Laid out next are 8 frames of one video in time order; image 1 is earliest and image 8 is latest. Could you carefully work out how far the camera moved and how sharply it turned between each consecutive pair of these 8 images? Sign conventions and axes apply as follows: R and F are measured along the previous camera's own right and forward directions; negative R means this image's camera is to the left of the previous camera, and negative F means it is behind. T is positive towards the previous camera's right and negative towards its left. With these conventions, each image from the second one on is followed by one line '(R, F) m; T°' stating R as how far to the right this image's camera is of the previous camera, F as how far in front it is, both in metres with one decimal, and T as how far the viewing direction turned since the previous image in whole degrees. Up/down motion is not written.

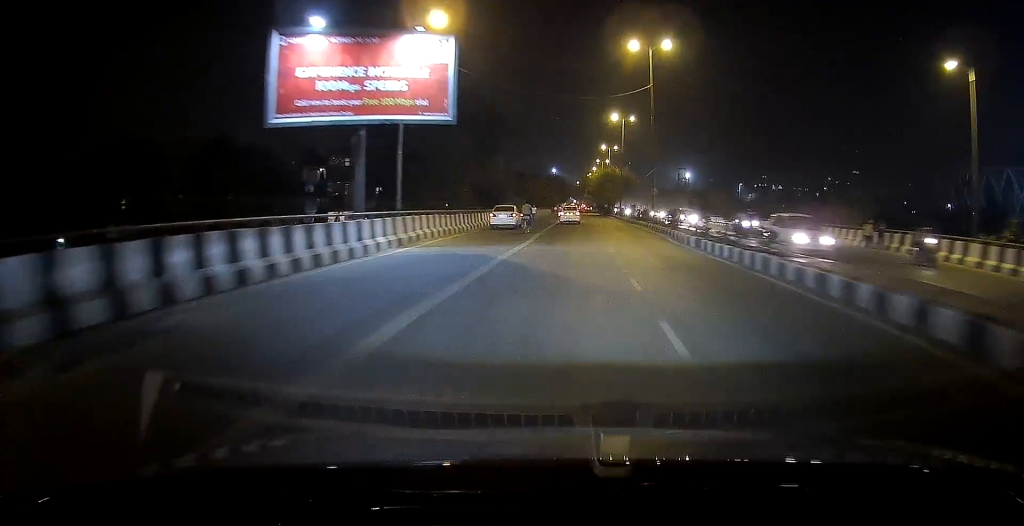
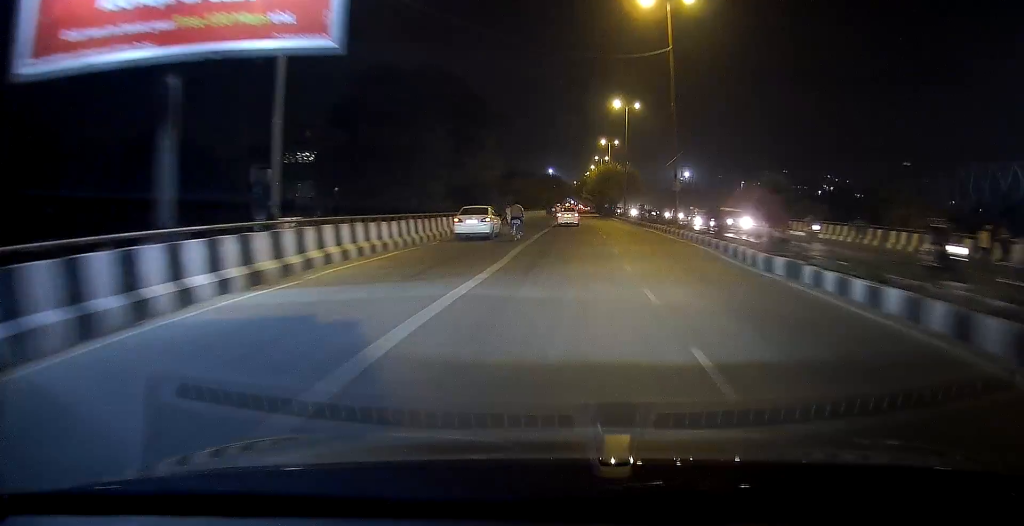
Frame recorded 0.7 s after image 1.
(0.0, +10.7) m; 0°
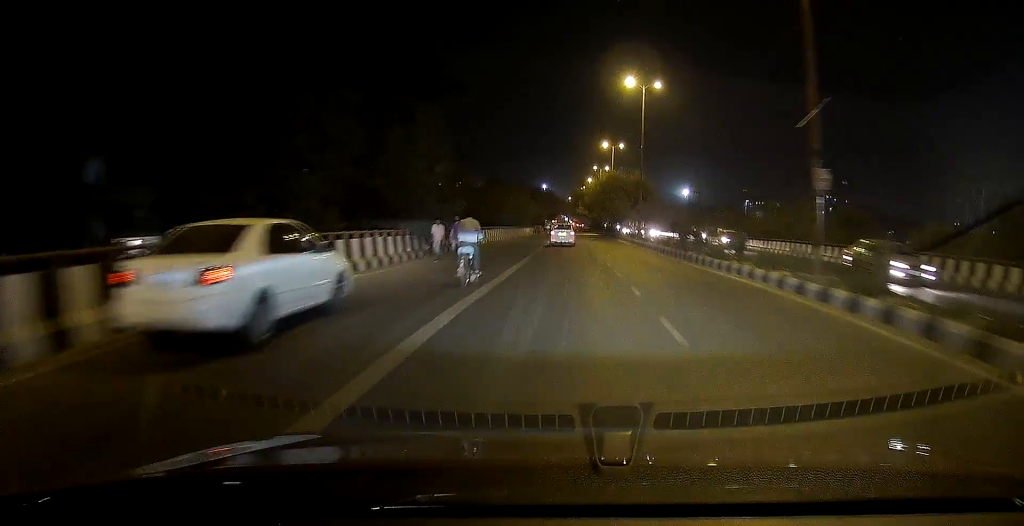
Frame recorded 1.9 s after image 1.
(0.0, +20.4) m; 0°
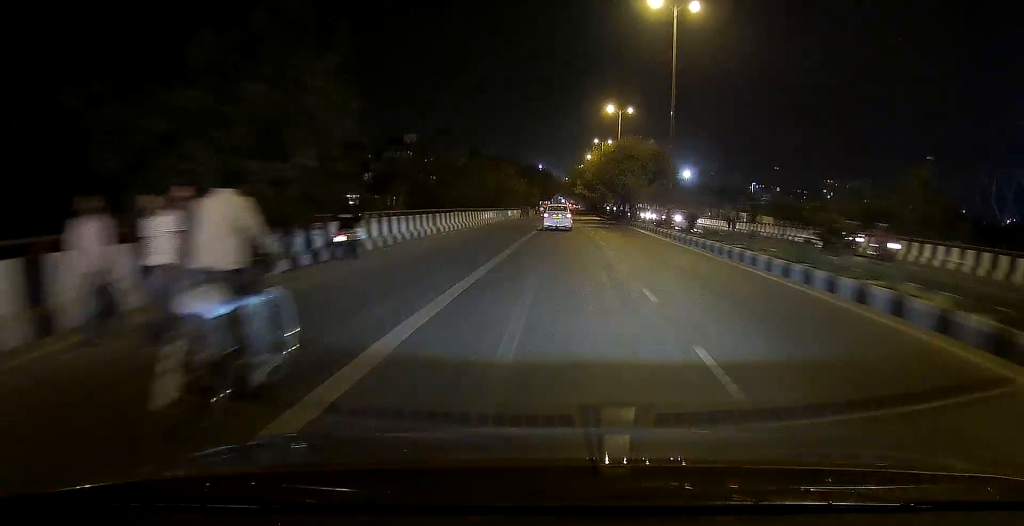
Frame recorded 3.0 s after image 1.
(0.0, +16.8) m; +1°
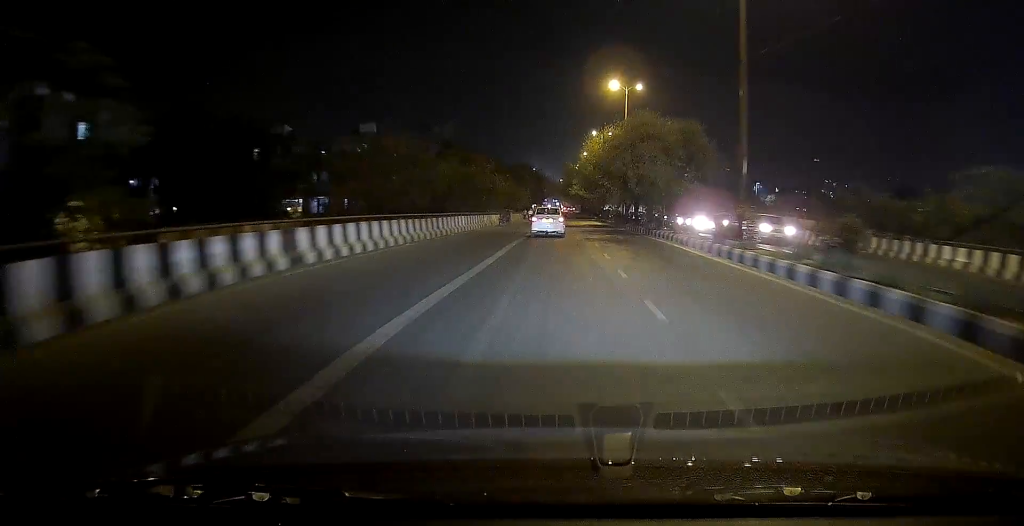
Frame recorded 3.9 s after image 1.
(+0.3, +15.7) m; 0°
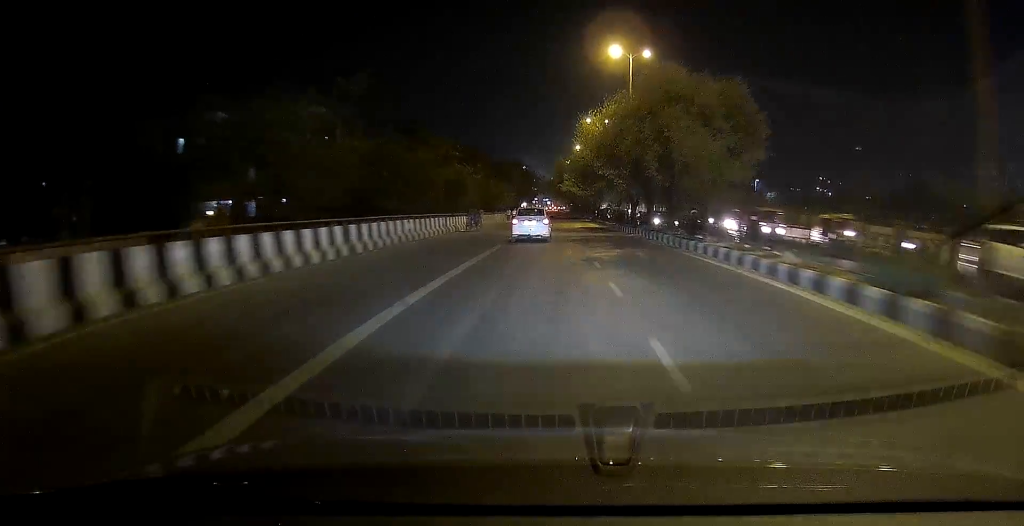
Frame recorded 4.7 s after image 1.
(-0.1, +12.4) m; 0°
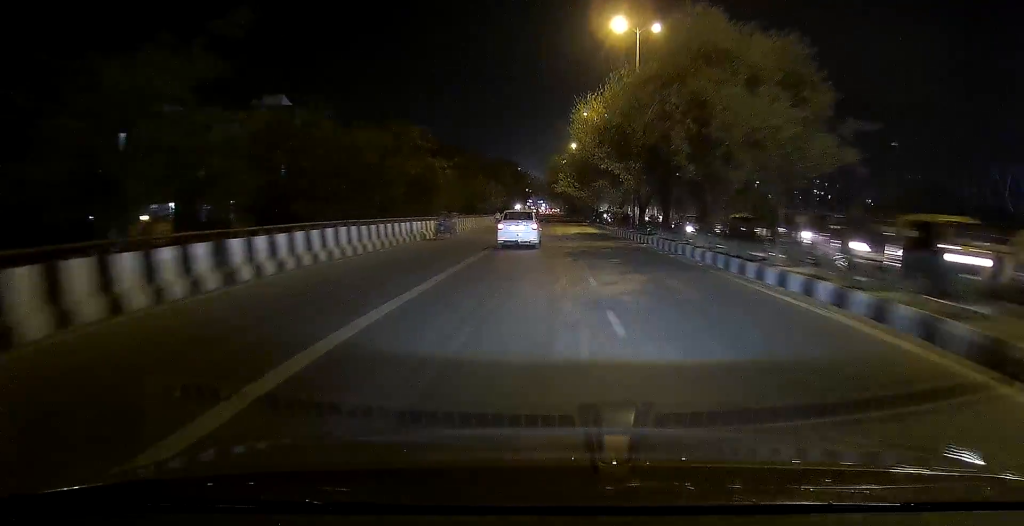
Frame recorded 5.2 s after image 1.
(-0.2, +7.6) m; 0°
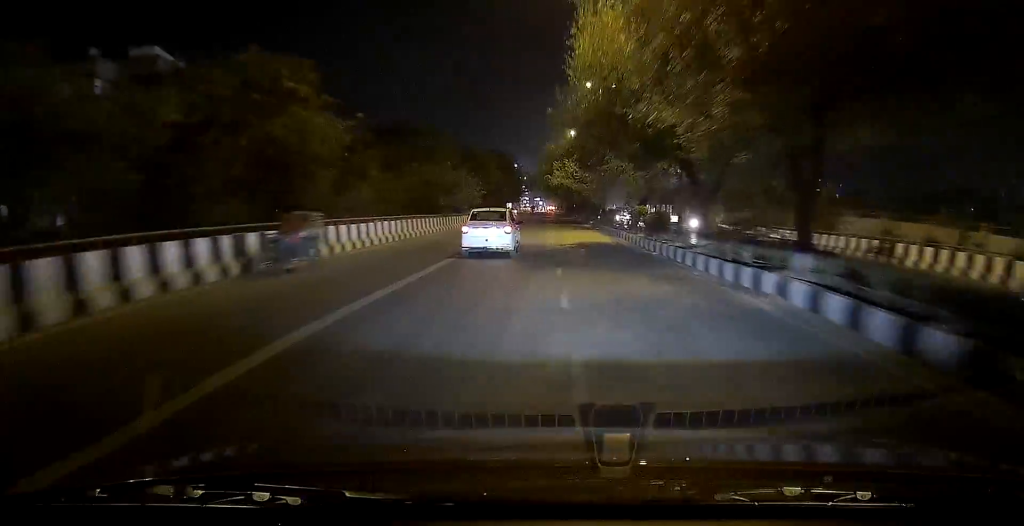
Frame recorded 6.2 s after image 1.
(+0.4, +16.7) m; +1°

------------------------------

INSTRUCTIONS TO FOLLOW.
Copy exactly the lines from the one containing "Frame recorded 1.9 s after image 1." through the final line of the records above, both included, and leave out any pictures.

WRITTEN RESPONSE.
Frame recorded 1.9 s after image 1.
(0.0, +20.4) m; 0°
Frame recorded 3.0 s after image 1.
(0.0, +16.8) m; +1°
Frame recorded 3.9 s after image 1.
(+0.3, +15.7) m; 0°
Frame recorded 4.7 s after image 1.
(-0.1, +12.4) m; 0°
Frame recorded 5.2 s after image 1.
(-0.2, +7.6) m; 0°
Frame recorded 6.2 s after image 1.
(+0.4, +16.7) m; +1°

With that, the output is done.